Holistic Counselling

Counselling

Anxiety in the Western World

According to the renowned neuropsychiatrist Boris Cyrulnik, and the two decades I have spent working with teenagers lead me to agree with him, the anxiety experienced in the Western world is increasing to such an extent that young people are displaying and expressing a greater desire to believe. When one considers that in the UK alone, in 2016/2017 Childline delivered 22,456 counselling sessions about suicide, with children as young as 10 calling; children needing mental health care have to endure waits of up to 18 months for treatment, putting them at risk of becoming even more ill, according to NHS bosses; suicide is at record level among students in UK universities; 94% of universities have experienced an increase in demand for counselling services in the past five years, with as many as 26% of students using or waiting to use counselling services in some universities; suicide among women in their early twenties is at its highest level in two decades; this desire cannot be overlooked or the need for holistic counselling denied.

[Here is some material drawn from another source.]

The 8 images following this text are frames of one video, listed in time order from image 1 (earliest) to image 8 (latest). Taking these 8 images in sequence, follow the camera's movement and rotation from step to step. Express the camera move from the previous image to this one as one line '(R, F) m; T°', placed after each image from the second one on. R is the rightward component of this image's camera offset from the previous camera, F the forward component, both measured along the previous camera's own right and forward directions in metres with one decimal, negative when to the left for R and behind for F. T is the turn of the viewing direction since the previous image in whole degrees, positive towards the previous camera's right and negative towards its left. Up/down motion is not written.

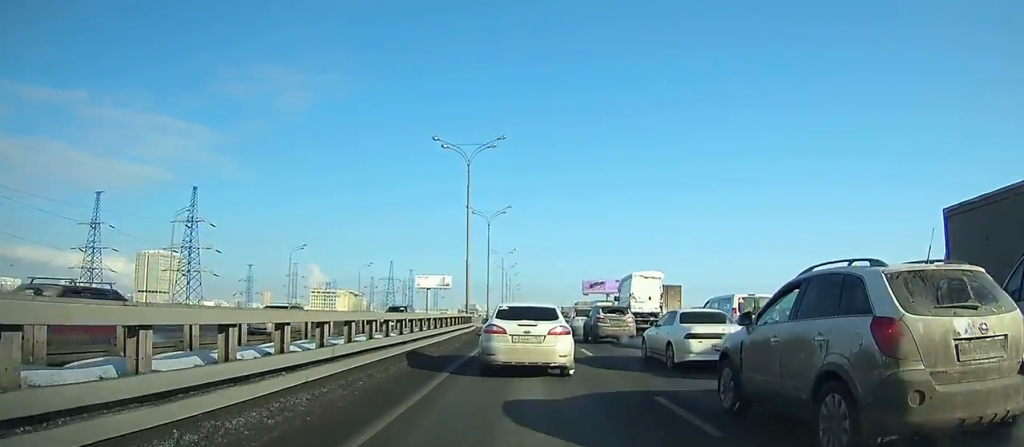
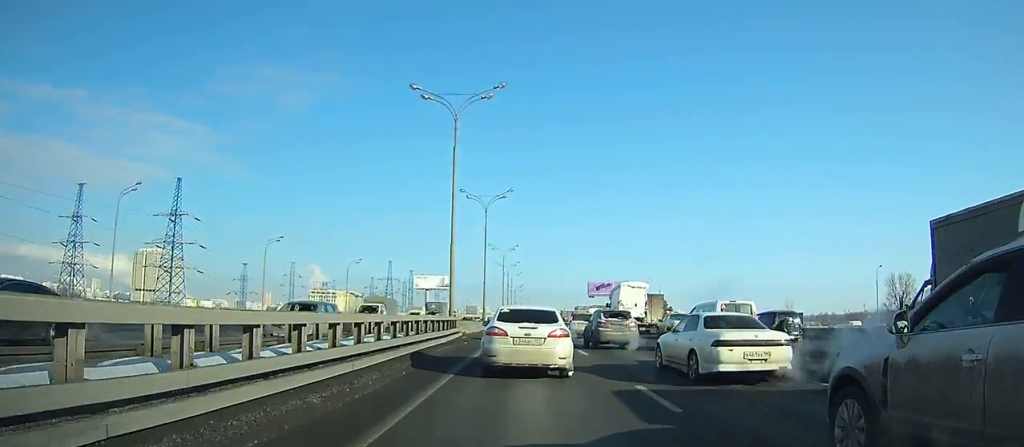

Once they have finally managed to access the provision, it seems that a high majority of the people I meet have experienced traditional counselling negatively, either as a short-term relief, a waste of time, or a money-making exercise for those opting for private care. They repeatedly describe feeling restricted in what they could talk about, finding it too rigid, impersonal, textbook like, and generally not suited to their individual needs. It is their view, and I share it, that for the process to be successful, the counsellor has to be able and willing to adapt to the needs and strengths of his clients, not the other way round, as seems to be commonly the case. When asked in an interview published in the newspaper Sud-Ouest on Sunday 19 November 2017, Ce Dieu Psychothérapeute (This Psychotherapist God), whether his patients ever talked to him about God, the neuropsychiatrist Boris Cyrulnik courageously acknowledged:

Of course they did. Many used to confide: “During difficult times, God helps me.” Yet there were no works done on the subject. During my training, my journey, nothing had prepared me to answer them. So, I guided them on the paths I was familiar with: family, culture, emotions.

Boris Cyrulnik
[…] I realised that I had only memorised what I was sensitive to, when these patients were talking to me about their encounter with God. And I thought to myself: it is not normal that six or seven billion human beings relate with their God, everyday, with rituals that make our cultures, and that there is no serious psychological thinking on the matter.